►

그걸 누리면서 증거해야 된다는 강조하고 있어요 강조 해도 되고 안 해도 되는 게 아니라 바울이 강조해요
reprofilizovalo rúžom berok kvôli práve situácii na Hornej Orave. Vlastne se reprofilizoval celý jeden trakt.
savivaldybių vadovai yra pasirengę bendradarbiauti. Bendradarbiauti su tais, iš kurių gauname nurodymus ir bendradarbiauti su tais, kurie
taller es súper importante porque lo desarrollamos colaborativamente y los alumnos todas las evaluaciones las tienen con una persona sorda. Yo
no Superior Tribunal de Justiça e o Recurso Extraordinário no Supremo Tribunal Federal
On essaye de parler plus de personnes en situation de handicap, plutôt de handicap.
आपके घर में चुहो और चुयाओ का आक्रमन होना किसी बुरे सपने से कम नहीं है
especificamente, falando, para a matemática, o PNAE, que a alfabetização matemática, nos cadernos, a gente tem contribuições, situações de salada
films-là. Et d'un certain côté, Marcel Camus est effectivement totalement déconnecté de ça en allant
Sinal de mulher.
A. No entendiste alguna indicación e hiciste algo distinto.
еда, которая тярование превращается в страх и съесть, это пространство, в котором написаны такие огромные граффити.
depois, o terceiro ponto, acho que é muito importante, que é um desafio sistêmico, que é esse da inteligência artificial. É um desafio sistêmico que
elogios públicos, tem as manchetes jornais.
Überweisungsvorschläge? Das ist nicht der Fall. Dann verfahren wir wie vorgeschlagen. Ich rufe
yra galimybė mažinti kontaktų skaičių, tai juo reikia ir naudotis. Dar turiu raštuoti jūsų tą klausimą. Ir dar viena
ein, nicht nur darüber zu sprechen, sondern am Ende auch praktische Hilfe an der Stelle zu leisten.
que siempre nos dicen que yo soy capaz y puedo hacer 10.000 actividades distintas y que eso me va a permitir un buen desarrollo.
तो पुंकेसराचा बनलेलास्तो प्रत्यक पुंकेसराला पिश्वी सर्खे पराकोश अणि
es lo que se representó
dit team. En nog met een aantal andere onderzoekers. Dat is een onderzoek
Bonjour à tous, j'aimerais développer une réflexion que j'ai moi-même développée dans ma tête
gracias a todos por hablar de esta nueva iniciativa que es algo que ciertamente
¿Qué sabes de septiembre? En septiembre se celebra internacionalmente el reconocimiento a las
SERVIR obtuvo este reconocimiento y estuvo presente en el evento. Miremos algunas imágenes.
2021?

◄

Aim of the exercise —
Find every line above where the word "importante" occurs, and copy that line.

Expected output —
taller es súper importante porque lo desarrollamos colaborativamente y los alumnos todas las evaluaciones las tienen con una persona sorda. Yo
depois, o terceiro ponto, acho que é muito importante, que é um desafio sistêmico, que é esse da inteligência artificial. É um desafio sistêmico que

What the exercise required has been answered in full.